The Judge Research Agenda
So if we assume all of the above is true, what’s worth working on?
- Calibration: figuring out the best way to align LLM-judges with their human counterparts. I’ve done it in a fairly simple way: make all the judgements true/false, collect a bunch of human labels, then iterate on the rubric using the training set in such a way that you maximize F1 on the test set. Finding out the best tools and context to provide a model and the best way for subject matter experts to create rubrics are all open questions that we’ll discover through doing the work.
- Adversarial robustness: This shifts a lot of responsibility onto judges, and makes them the natural point to attack. Can judges be swayed by prompt injection from the environment the operating agent is working in? Can a misaligned model fool a judge into allowing a tool call it shouldn’t? These go from being interesting theoretical questions to part and parcel of day to day operations with long running agentic harnesses working in sensitive domains. The answers will likely look different for in-process and outcome-based judges.
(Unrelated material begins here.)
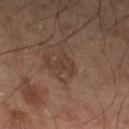No biopsy was performed on this lesion — it was imaged during a full skin examination and was not determined to be concerning. A 15 mm crop from a total-body photograph taken for skin-cancer surveillance. Located on the left lower leg. The total-body-photography lesion software estimated a lesion area of about 4 mm², an outline eccentricity of about 0.6 (0 = round, 1 = elongated), and two-axis asymmetry of about 0.5. This is a cross-polarized tile. The recorded lesion diameter is about 2.5 mm. A male subject about 55 years old.

- Escalation sensitivity: Can a judge be tuned to know when to raise a decision to a human in a way that doesn’t cause “approval fatigue”? Traditionally infosec tooling has been willing to submit many false positives to users so they’re not on the hook for any false negatives. For autonomy to function, escalations have to be important and rare. How can we meaningfully study that question, and how can we create systems that work?
I’ll close on two claims:
First, any deployment story that assumes a human employee is reviewing every consequential agent interaction will not survive contact with reality. Judges are how you recover autonomy, and agent products that don’t allow companies to calibrate those judges will find themselves locked out of high impact industries.
Second, attacking judges in harnesses like Claude Code’s auto mode is where AI red teaming goes next. The methodology doesn’t exist yet, and it will not be practical for humans to test these systems “my hand”.
As for myself, I’ll be publishing on calibration, adversarial robustness, and escalation sensitivity for the rest of 2026; if you’re working on any of them I’d love to hear from you.